Soccer stadium in New South Wales, Australia

Lambert Park is a purpose-built soccer stadium in Leichhardt, New South Wales, Australia. It is the home ground of APIA Leichhardt, and has been since the clubs inception.

The stadium is peculiar in that it runs east to west, rather than north to south. The stadium has a nominal capacity of 7000, with 2000 seated in two main stands on either side of the playing field. In the southern of these stands there are dressing room facilities, a social club with views of the game, press facilities and media facilities. The northern stand runs the full length of the playing field, seating around 1200 spectators in 8 rows. This stand is regularly full for New South Wales Premier League encounters, with attendances at the ground in the last few seasons ranging from 800 to 3000 spectators. The western and eastern ends behind the goals are hilled, bringing the ground capacity to around 6000 spectators.
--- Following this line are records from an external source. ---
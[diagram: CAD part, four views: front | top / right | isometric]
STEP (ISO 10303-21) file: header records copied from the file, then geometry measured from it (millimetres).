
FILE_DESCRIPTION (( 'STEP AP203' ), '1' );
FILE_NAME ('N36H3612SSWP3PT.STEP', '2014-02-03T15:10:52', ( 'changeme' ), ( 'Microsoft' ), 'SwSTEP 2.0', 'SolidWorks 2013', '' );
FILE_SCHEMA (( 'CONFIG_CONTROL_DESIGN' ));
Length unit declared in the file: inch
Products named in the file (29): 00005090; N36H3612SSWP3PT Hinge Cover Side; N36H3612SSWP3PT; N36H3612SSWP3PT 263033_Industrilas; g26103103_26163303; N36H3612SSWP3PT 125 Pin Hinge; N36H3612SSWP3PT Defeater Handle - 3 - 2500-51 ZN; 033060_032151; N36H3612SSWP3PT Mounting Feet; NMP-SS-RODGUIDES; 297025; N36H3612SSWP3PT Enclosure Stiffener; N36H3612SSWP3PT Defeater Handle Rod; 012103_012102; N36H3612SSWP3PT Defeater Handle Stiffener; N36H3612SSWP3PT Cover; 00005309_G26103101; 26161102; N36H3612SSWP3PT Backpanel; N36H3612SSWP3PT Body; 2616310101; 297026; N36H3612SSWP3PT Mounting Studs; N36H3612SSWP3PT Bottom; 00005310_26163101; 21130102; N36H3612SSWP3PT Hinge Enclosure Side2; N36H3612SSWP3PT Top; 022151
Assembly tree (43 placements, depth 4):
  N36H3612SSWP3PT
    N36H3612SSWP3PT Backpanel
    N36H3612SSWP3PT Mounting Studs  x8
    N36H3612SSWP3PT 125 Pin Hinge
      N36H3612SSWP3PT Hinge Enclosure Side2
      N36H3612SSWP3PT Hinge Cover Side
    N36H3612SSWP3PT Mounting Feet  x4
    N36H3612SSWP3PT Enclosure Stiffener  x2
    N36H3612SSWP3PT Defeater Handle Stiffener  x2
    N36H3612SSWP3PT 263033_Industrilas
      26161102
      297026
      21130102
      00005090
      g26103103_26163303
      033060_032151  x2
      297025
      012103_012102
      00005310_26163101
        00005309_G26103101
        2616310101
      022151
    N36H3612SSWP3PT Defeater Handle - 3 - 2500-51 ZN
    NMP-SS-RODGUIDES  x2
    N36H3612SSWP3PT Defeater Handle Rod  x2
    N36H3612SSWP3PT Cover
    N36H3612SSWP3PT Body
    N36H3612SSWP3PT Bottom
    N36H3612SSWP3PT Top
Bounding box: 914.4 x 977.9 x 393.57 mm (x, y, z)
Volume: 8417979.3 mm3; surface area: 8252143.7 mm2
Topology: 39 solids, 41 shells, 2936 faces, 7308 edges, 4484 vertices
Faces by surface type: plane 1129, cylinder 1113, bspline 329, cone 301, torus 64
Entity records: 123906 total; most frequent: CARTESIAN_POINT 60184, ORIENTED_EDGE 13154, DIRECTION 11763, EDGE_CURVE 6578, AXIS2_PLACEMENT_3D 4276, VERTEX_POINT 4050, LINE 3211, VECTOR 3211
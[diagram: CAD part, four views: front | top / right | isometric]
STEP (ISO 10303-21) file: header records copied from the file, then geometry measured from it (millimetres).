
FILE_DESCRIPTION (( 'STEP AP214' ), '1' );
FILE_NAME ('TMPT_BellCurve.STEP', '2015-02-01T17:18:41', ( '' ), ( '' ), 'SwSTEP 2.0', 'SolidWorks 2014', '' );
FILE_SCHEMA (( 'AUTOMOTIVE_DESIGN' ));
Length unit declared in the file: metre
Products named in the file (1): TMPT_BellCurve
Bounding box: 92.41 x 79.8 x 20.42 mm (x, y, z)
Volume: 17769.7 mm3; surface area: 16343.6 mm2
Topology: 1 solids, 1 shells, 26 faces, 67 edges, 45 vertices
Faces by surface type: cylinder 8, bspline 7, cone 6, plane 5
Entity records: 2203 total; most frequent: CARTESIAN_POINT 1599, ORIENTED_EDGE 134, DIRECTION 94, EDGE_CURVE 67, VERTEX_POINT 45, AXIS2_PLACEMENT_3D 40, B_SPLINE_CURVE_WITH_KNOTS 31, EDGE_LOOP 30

In March, 2011 as part of the campaign from the NSW Liberal Party ahead of the 2011 New South Wales state election leader Barry O'Farrell promised $2.2 million would be spent upgrading Lambert Park. This would include a new Synthetic playing field, installation of a new perimeter fence, a new club house including bigger dressing rooms for players and officials.

On 22 March 2014, the promised upgrades were completed and unveiled at a derby match between APIA Leichhardt and Marconi Stallions. The total spend was more than $3.5 million, with almost $1.4 million of private investment boosting the $2.2 million of government funding.